### Dataset excerpts
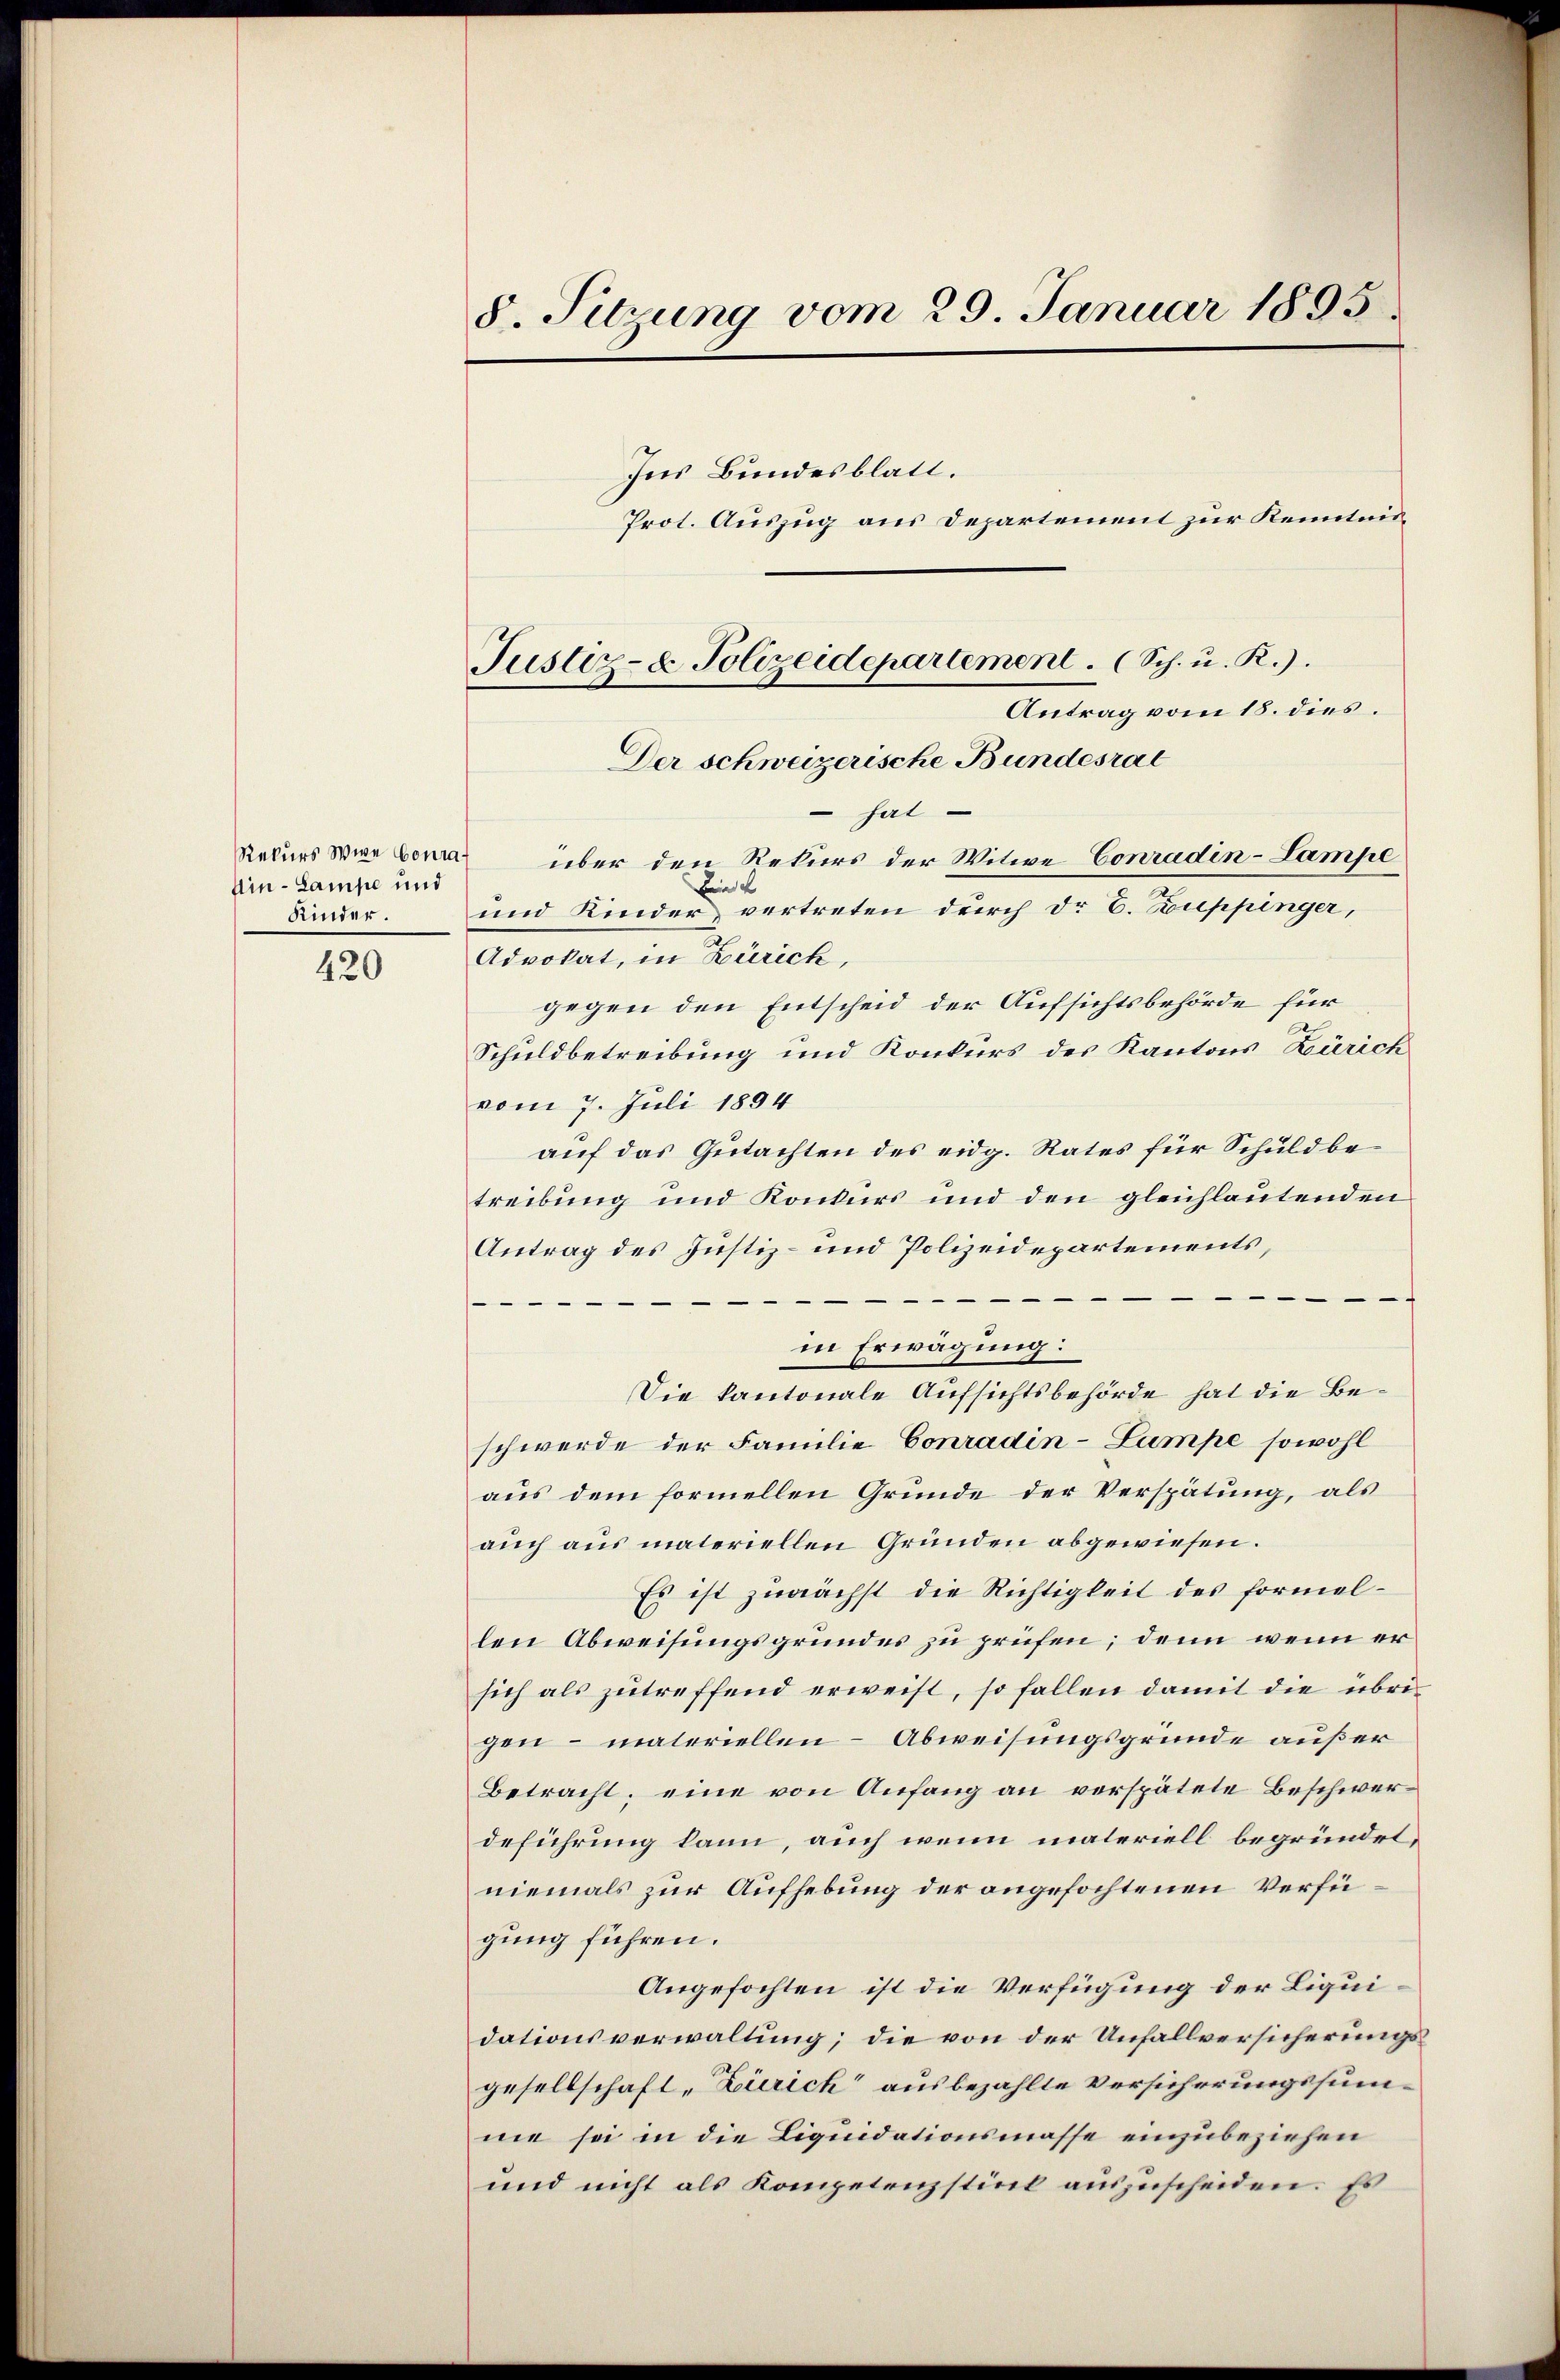
Rekurs Wige Conra
Uin-Lampe und
Kinder.

420

8. Sitzung vom 29. Januar 1895.

Prot. Auszug aus Departement zur Kenntnis¬
Antrag vom 18. dies
 hat
über den Rekurs der Witwe Conradin-Lampe
Bin
und Kinder vertreten durch dr E. Zuppinger,
Advokat, in Zürich,
gegen den Entscheid der Aufsichtsbehörde für
Schuldbetreibung und Konkurs des Kantons Zürich
vom 7. Juli 1894
auf das Gutachten des eidg. Rates für Schuldbetreibung und Konkurs und den gleichlautenden
Antrag des Justiz- und Polizeidepartements,

in Erwägung:
Die kantonale Aufsichtsbehörde hat die Beschwerde der Familie Conradin-Lampe sowohl
aus dem formellen Grunde der Verspätung, als
auch aus materiellen Gründen abgewiesen.
Es ist zunächst die Richtigkeit des formellen Abweisungsgrundes zu prüfen; denn wenn er
sich als zutreffend erweist, so fallen damit die übrigen – materiellen Abweisungsgründe außer
Betracht; eine von Anfang an verspätete Beschwerdeführung kann, auch wenn materiell begründet,
niemals zur Aufhebung der angefochtenen Verfügung führen.
Angefochten ist die Verfügung der Liquidationsverwaltung; die von der Unfallversicherungsgesellschaft, Zürich“ ausbezahlte Versicherungssumne sei in die Liquidationsmasse einzubeziehen
und nicht als Kompetenzstiel auszuscheiden. Es

Justiz- & Polizeidepartement. (Sch. u. R.).
Der schweizerische Bundesrat

Ins Bundesblatt.

### Problem
Report every line above that has the string "auch" in it.

### Output
auch aus materiellen Gründen abgewiesen.
Betracht; eine von Anfang an verspätete Beschwerdeführung kann, auch wenn materiell begründet,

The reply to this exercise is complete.